Banding Pattern on Polarized Hair Microscopic Examination and Unilateral Polymicrogyria in a Patient With Steroid Sulfatase Deficiency

Arch Dermatol. 2012;148(1):73-78. doi:10.1001/archdermatol.2011.281

Background Several forms of ichthyosis are associated with neurologic manifestations, including Sj ögren-Larsson syndrome, Refsum disease, and mental retardation –enteropathy-deafness-neuropathy-ichthyosis-keratoderma (MEDNIK) syndrome. We report a case of X-linked steroid sulfatase deficiency, ichthyosis, seizures, abnormal hair banding pattern, and unilateral polymicrogyria.

Observations A 3-year-old Caucasian male with a history of ichthyosis since birth presented with generalized tonic seizures. Findings from a physical examination were remarkable for thin hair, retinitis pigmentosa, and poor dentition. Polarized light microscopic examination of all the hair samples demonstrated a banding pattern. Magnetic resonance imaging of the brain revealed left hemispheric polymicrogyria with decreased sulcal pattern and stable asymmetric dilation of the left lateral ventricle. Constitutional microarray revealed the typical approximately 1.5-Mb deletion of the steroid sulfatase gene.

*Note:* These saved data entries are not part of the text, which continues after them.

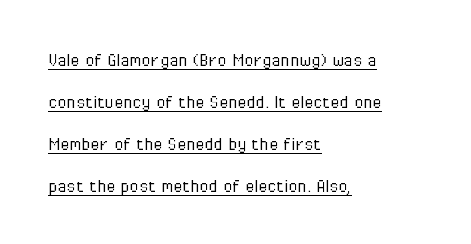
Q: Is the text bold? A: No.
Q: Is the text italic (slanted)? A: No, it is upright.
Q: Is the text underlined? A: Yes.
Q: How is the paragraph aligned? A: Left-aligned.
Q: Is the spacing between letters normal or unusually wide? A: Normal.
Q: Is the spacing between lines tight, normal or loose? A: Loose.
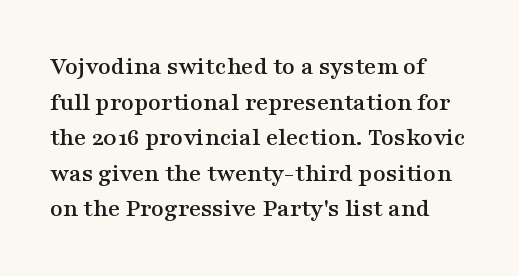
The image shows 26 px text type, upright; set left-aligned, normal line spacing (1.37x), normal letter spacing, not underlined.

Conclusions Steroid sulfatase deficiency is a cause of X-linked ichthyosis; however, our patient also had retinitis pigmentosa, seizures, and abnormal hair findings. The presence of abnormal hair with a banding pattern on polarized microscopy may be helpful for diagnosis; however, this pattern is not specific to this disease. In addition, to our knowledge, the presence of a malformation of cortical development has not been previously reported in patients with steroid sulfatase deficiency.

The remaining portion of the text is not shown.